Colonies were collected and subsequently maintained in sterile plastic containers with multichamber systems: The ants were permitted to stabilize their garden for 3—5 days after collection before samples were taken. In20 pieces per garden were isolated, and 10 or 12 pieces per garden were isolated in and Pieces were selected from throughout the garden and were placed on potato dextrose agar medium with antibacterial antibiotics Penicillin-G and Streptomycin sulfate under aseptic conditions.

The pieces were monitored daily for the growth of nonmutualistic filamentous fungi; if arising from the inocula, these then were isolated into pure culture.

attine ants and fungi relationship to humans

Ants were not given forage material before isolations, minimizing the possibility of obtaining fungi present only as inoculum from recently added garden substrate. Because the microbes isolated from attine gardens may represent inactive propagules which may overgrow the mutualist only on nutrient agar rather than in situ microbial activity, the long-term and consistent presence of nonmutualistic fungi in attine fungal gardens was examined.

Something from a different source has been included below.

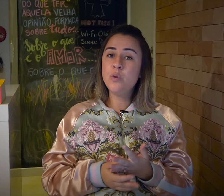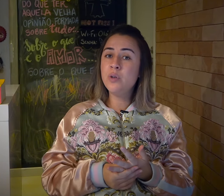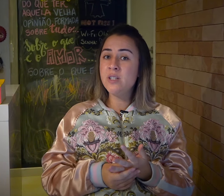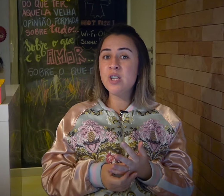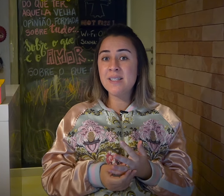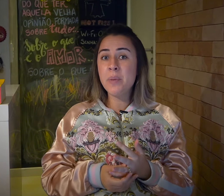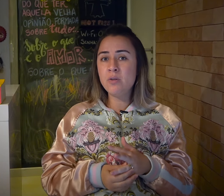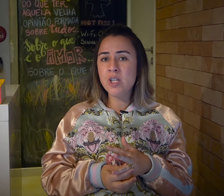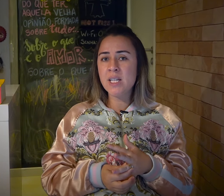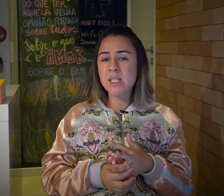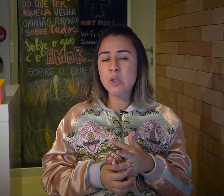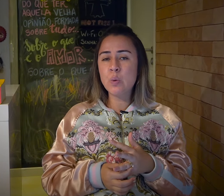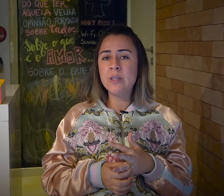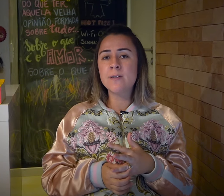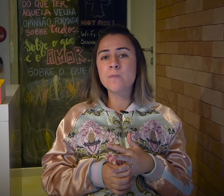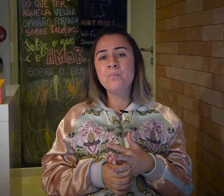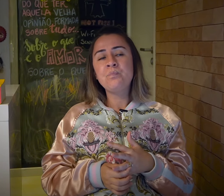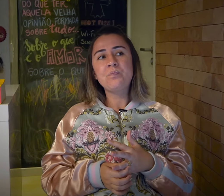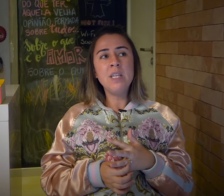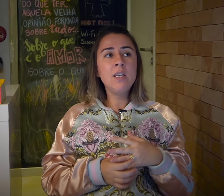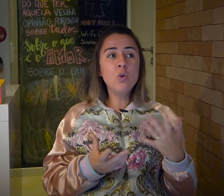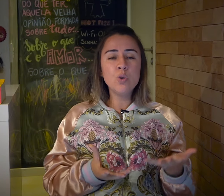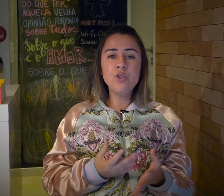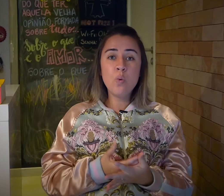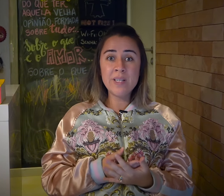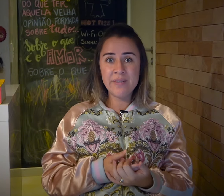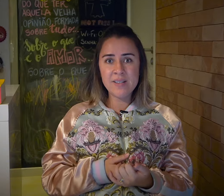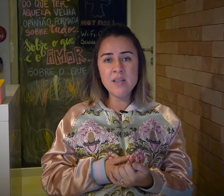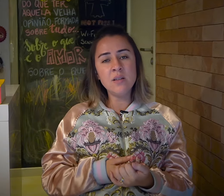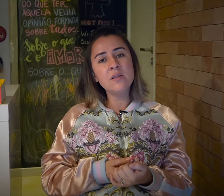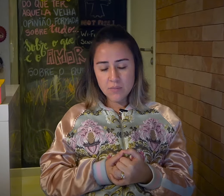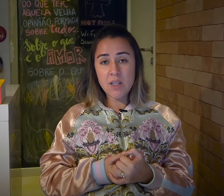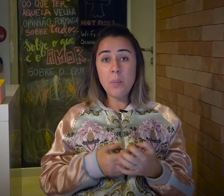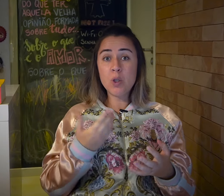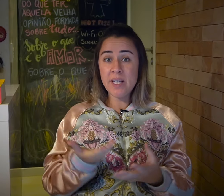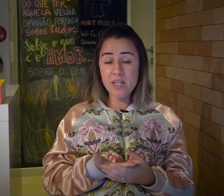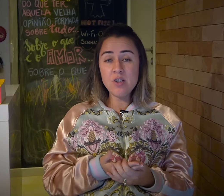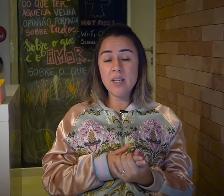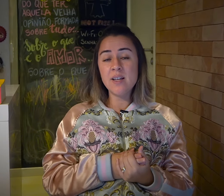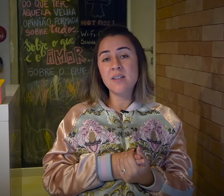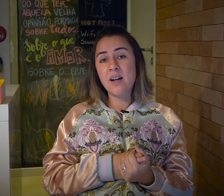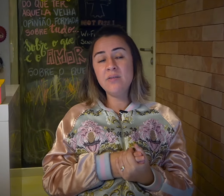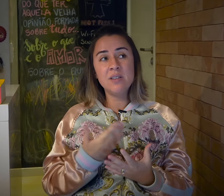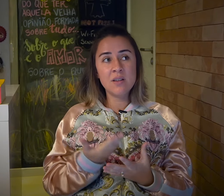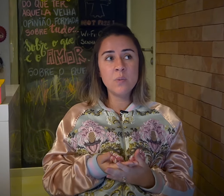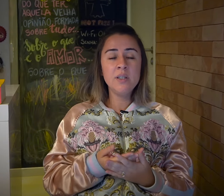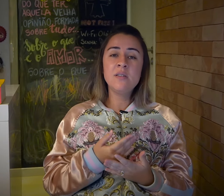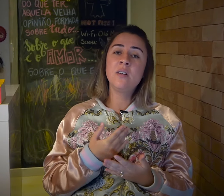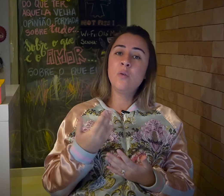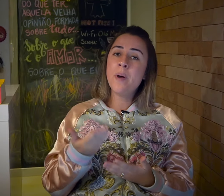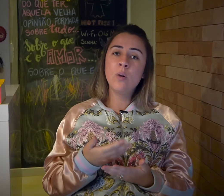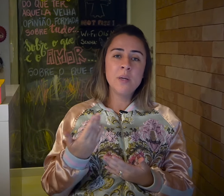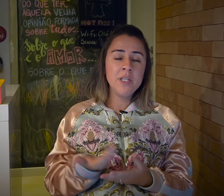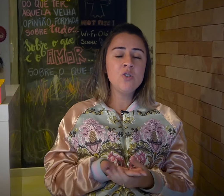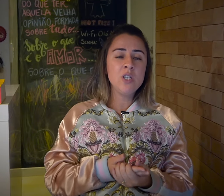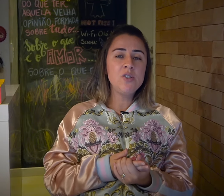muito grande de nascimento de crianças surdas. E que hoje, com as vacinas que protegem as grávidas, as mães da rubéola, da meningite,

How fungus-farming ants might help us develop new antibiotics

Representative species of different attines were maintained in the laboratory in the Botany Department of the University of Toronto to resample for persistent, nonmutualistic fungi including 10 colonies each of Apterostigma cf. Colonies were maintained in the laboratory for a month period. After initial sampling in the field, each colony was resampled every 4—8 weeks. Substrate material provided in the laboratory to ants as forage was confirmed to be free from the common nonmutualistic fungi obtained in the initial field sampling.

Air-sampling of spores of these fungi was conducted near ant colonies in Gamboa by using a standard Biotest-Reuter centrifugal air-sampler Biotest AG, Breieich, Germany.

To reduce the possibility of infections spreading between colonies in the laboratory, instruments were sterilized before each new colony was fed or cleaned. Also, moat, mineral-oil, and physical barriers were used to prevent the ingress spread of mites, which potentially could vector fungal propagules between nests.

Reisolation of a fungus in the laboratory over an extended period of time was interpreted as evidence of chronic presence and growth within a garden. Pathogenicity and Virulence of Garden Contaminants. To determine whether Escovopsis, the most commonly isolated nonmutualistic fungus in the above-mentioned sampling see Resultsis a parasite of attine gardens, the virulence of fungi in this genus was investigated by i monitoring for colonies that have been over-grown by the fungus in the laboratory and field; ii excluding large garden fragments from tending ants to determine whether, in the absence of the garden-tending, Escovopsis erupts and manages to over-grow the fragment; and iii directly inoculating colonies with Escovopsis and monitoring these intentionally infected gardens.

We infected fungal gardens with Escovopsis in the laboratory by using young colonies of A. Incipient colonies were collected in Gamboa, Republic of Panama, 6—8 weeks after the mating flight and were confirmed to be free from Escovopsis.